We assure gcc that we know what we are doing with a cast
- We apply a cast to a value, like the value of the memory location of n
- A cast is a type name in parenthesis as a prefix.
- A cast assures the compiler of the intentionality of this mapping of bits to variable names.
- We are claiming we want to regard n as an array of 8 bit integers, as a uint8_t *.
So:

uint32_t my_htonl(uint32_t n) {
    uint8_t swap, *alias = (uint8_t *)&n;
    size_t index;
    return n;
}

This silenced all my gcc warnings and errors.

Main loop

It now suffices to rearrange the bits within 32 bit integer n
Helpfully, we can refer to these bits using the aliasing 8 bit integer array alias.

uint32_t my_htonl(uint32_t n) {
    uint8_t swap, *alias = (uint8_t *)&n;
    size_t index;
    swap = alias[0];
    alias[0] = alias[3];
    alias[3] = swap;
    swap = alias[1];
    alias[1] = alias[2];
    alias[2] = swap;
    return n;
}

You will note this contains repeated code, and is therefore de facto wrong, though it runs correctly.

htonll Show

htonll

Write a 64 bit endianness inverter.
You should start with your my_htonl code if you are stuck.
- Refactor the internals into a loop
- Use sizeof for the loop termination.
Advanced students may wish to write a size agnostic HTON macro.
- This is non-trivial but probably possible (I didn’t check).

memset Show

memset

The C89 “string.h” library contains a helpful function memset.

NAME
       memset - fill memory with a constant byte

SYNOPSIS
       #include <string.h>

       void *memset(void *s, int c, size_t n);

DESCRIPTION
       The memset() function fills the first n bytes of the
       memory area pointed to by s with the  constant  byte
       c.

RETURN VALUE
       The  memset() function returns a pointer to the mem‐
       ory area s.

I use memset to zero out all my arrays before I use them.
This usually doesn’t matter but is very nice with string data.

memcpy

The C89 “string.h” library contains a helpful function memcpy.
- I have never once in my life remembered destination is first, not source.
- I spent an hour trying to figure out a bug caused by that.

NAME
       memcpy - copy memory area

SYNOPSIS
       #include <string.h>

       void *memcpy(void *dest, const void *src, size_t n);

DESCRIPTION
       The memcpy() function copies n bytes from memory area src to memory area dest.  The memory
       areas must not overlap.  Use memmove(3) if the memory areas do overlap.

RETURN VALUE
       The memcpy() function returns a pointer to dest.

ATTRIBUTES
       For an explanation of the terms used in this section, see attributes(7).

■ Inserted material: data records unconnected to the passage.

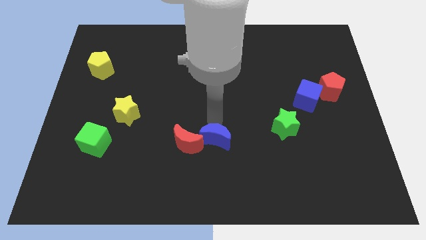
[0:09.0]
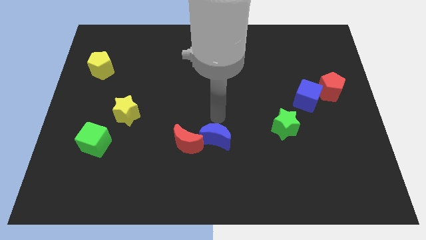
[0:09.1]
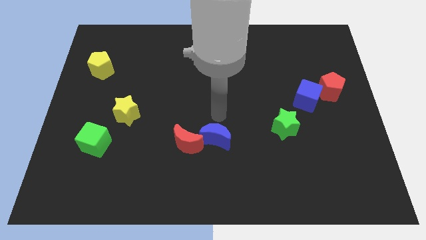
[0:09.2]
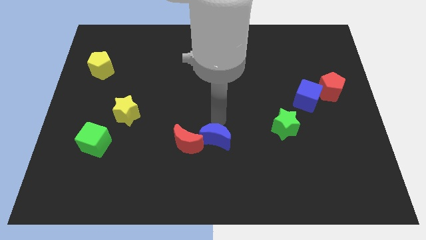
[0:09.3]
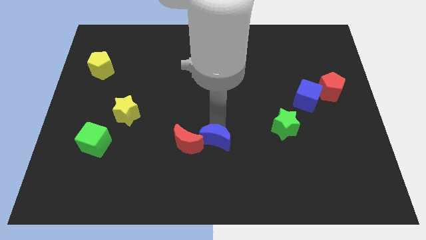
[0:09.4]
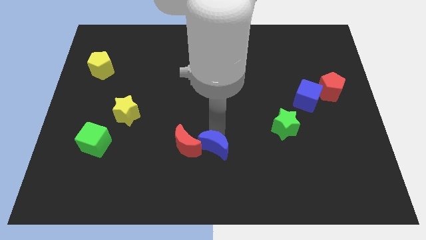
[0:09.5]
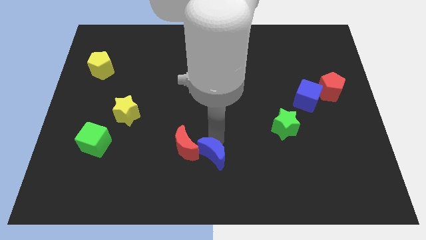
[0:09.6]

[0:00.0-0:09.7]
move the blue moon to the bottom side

I use memcpy to move data into and out of SHA internal state:
- The working variables.
- The current $H_i$ hash value.
- The current $M_i$ message data.

Arrays Show

Arrays

You will be tempted to write functions of this form:

/* Take two arrays and a return a new array */
char *new_hash(uint32_t *m_i, uint32_t *h_i) {
    uint32_t h_i_1[8];
    /* some operations */
    return h_i_1;
}

This will cause a segmentation fault for the following reason.
- h_i_1 refers to a memory location.
- That memory location is a local variable of the new_hash function
- When new_hash returns, it no longer manages it’s local variables.
- Therefore, it is no longer safe to access that memory location.
  - It is, essentially, reclaimed by the operating system.
  - This occurs probabilitistically, but at high probability.
- So the next effort to access a value in h_i_1 will trigger the OS to terminate your program.
Here is the C alternative:

/* Take two arrays as arguments and update the second */
void new_hash(uint32_t *m_i, uint32_t *h_i) {
    uint32_t h_i_1[8];
    /* some operations */
    memcpy(h_i, h_i_1, sizeof(h_i_1));
    return;
}

h_i is safe because it is managed by some other function.
- Likely main or some other function that called new_hash.
Therefore, it will not be reclaimed by the OS on return from new_hash.

Take-aways

Don’t return arrays.
Provide arrays as arguments and update the provided arrays.
There are other ways to do this that we will learn in time.
- But they are unhelpful on SHA-256, and would enable low quality solutions.